What about sexual dysfunction? Jacobsen et al find that patients have slightly (but statistically significantly) less sexual dysfunction on vortioxetine than on escitalopram. But the study was done by Takeda, and the difference is so slight (a change of 8.8 points on a 60 point scale, vs. a change of 6.6 points) that it’s hard to take it very seriously.
What about cognition? I was sure this was fake, but it seems to have more evidence behind it than anything else. Carlat Report (paywalled) thinks it might be legit, based on a series of (Takeda-sponsored) studies of performance on the Digit Symbol Substitution Test. People on vortioxetine consistently did better on this test than people on placebo or duloxetine. And it wasn’t just that being not-depressed helps you try harder; they did some complicated statistics and found that vortioxetine’s test-score-improving effect was independent of its antidepressant effect (and seems to work at lower doses). What’s the catch? The improvement was pretty minimal, and only shows up on this one test – various other cognitive tests are unaffected. So it’s probably doing something measurable, but it’s not going to give you a leg up on the SAT. The FDA seriously considered approving it as indicated for helping cognition, but eventually decided against it on the grounds that if they approved it, people would think it was useful in real life, whereas all we know is that it’s useful on this one kind of hokey test. Still, that’s one hokey test more than vilazodone was ever able to show for itself.
In summary, vortioxetine probably treats depression about as well as any other antidepressant, but makes you slightly more nauseous, may (if you really trust pharma company studies) give you slightly fewer sexual side effects, and may improve your performance on the Digit Symbol Substitution Test. It also costs $375 a month (Lexapro still costs $7). If you want to pay $368 extra to be a little more nauseous and substitute digits for symbols a little faster, this is definitely the drug for you.
In conclusion, big pharma spent about ten years seeing if combining 5-HT1A partial agonism with SSRI antidepressants led to any benefits. In the end, it didn’t, unless you count benefits to big pharma’s bottom line.
I’m a little baffled, because pharma companies generally don’t waste money researching drugs unless they have very good theoretical reasons to think they’ll work. But I can’t make heads or tails of the theoretical case for 5-HT1A partial agonists for depression.
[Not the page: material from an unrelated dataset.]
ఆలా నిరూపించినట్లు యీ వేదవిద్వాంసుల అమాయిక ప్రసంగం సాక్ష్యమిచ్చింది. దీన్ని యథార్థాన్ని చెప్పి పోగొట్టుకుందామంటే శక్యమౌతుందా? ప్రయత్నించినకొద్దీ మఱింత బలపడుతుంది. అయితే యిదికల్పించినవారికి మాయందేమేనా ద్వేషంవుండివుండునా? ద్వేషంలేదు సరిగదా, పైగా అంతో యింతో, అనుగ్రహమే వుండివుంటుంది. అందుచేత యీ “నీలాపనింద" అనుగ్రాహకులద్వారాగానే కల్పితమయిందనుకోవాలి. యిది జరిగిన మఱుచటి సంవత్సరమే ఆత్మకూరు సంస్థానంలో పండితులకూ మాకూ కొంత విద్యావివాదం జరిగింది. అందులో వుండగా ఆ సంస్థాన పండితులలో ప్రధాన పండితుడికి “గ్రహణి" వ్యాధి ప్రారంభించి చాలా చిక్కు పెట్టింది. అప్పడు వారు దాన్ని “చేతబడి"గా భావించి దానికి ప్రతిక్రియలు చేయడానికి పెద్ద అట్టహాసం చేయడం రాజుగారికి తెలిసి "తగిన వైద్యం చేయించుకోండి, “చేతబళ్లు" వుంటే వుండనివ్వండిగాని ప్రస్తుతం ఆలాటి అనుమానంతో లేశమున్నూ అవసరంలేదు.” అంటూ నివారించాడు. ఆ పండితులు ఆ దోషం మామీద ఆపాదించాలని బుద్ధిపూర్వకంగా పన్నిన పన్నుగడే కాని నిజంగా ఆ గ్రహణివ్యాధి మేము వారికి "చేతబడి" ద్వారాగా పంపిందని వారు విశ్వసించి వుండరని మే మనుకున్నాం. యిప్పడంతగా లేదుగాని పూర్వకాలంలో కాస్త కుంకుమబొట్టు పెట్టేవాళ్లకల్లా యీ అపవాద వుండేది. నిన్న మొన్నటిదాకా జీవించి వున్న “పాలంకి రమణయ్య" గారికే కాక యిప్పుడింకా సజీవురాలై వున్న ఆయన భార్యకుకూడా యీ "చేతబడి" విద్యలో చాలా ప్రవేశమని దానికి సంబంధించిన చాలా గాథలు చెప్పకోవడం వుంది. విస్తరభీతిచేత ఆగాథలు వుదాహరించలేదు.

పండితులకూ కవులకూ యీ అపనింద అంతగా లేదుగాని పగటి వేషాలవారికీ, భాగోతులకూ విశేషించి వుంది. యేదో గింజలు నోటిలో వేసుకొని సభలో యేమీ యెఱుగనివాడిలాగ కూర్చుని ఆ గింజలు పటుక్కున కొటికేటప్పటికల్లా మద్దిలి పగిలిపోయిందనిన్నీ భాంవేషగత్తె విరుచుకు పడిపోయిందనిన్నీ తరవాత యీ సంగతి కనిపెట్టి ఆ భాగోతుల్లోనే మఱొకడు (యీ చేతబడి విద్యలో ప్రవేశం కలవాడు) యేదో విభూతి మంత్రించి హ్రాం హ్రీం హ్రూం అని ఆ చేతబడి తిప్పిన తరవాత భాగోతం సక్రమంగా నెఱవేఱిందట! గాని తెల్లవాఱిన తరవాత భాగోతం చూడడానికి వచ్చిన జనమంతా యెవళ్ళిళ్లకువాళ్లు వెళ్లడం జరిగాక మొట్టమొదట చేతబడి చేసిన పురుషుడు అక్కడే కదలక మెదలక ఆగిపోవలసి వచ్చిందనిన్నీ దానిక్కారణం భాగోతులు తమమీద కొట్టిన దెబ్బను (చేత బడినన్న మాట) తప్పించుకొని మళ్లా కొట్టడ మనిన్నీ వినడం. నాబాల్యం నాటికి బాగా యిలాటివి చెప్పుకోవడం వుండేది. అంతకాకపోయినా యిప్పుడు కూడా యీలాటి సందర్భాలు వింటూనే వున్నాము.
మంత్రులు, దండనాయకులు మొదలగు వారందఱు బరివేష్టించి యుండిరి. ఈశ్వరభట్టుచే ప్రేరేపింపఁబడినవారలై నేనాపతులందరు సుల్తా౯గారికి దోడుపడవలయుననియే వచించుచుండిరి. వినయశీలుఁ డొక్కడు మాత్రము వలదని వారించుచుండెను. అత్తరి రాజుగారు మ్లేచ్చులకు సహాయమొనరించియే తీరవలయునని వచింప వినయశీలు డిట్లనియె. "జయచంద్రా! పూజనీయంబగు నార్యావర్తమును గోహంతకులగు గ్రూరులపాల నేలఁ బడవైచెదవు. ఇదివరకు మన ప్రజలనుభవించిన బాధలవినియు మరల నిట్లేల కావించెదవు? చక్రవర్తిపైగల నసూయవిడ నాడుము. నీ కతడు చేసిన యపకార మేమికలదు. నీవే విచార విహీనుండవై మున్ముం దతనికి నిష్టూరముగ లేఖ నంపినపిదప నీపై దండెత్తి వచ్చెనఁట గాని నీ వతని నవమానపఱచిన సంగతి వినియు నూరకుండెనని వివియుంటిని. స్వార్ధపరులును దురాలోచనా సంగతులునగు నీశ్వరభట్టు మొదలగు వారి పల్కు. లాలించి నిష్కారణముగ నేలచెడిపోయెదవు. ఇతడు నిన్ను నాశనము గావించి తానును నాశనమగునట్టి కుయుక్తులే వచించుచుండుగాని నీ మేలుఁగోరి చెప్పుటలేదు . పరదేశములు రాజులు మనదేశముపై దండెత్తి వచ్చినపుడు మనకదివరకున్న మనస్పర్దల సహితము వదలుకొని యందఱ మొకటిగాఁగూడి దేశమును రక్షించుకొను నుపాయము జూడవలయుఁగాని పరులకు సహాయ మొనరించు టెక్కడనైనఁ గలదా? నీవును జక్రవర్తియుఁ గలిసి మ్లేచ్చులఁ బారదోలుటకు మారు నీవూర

For one thing, there’s a pretty strong argument that buspirone exerts its effects via dopamine rather than serotonin – a case that it seems like nobody, including the pharma companies, is even slightly aware of. If this were true, the whole project would have been doomed from the beginning. What happened here?
For another, I still don’t get the supposed model for how buspirone even could exert its effects through 5-HT1A. Does it increase or decrease serotonergic transmission? Does it desensitize presynaptic autoreceptors the same way SSRIs do, or do something else? I can’t figure out a combination of answers to this question that are consistent with each other and with the known effects of these drugs. Is there one?
For another, the case seems to have been premised on the idea that buspirone (a presynaptic 5-HT1A agonist) would work the same as pindolol (a presynaptic 5-HT1A antagonist), even after studies showed that it didn’t. And then it combined that with an assumption that it was better to spend hundreds of millions of dollars discovering a drug that combined SSRI and buspirone-like effects, rather than just giving someone a pill of SSRI powder mixed with buspirone powder. Why?
I would be grateful if some friendly pharmacologist reading this were to comment with their take on these questions. This is supposed to be my area of expertise, and I have to admit I am stumped.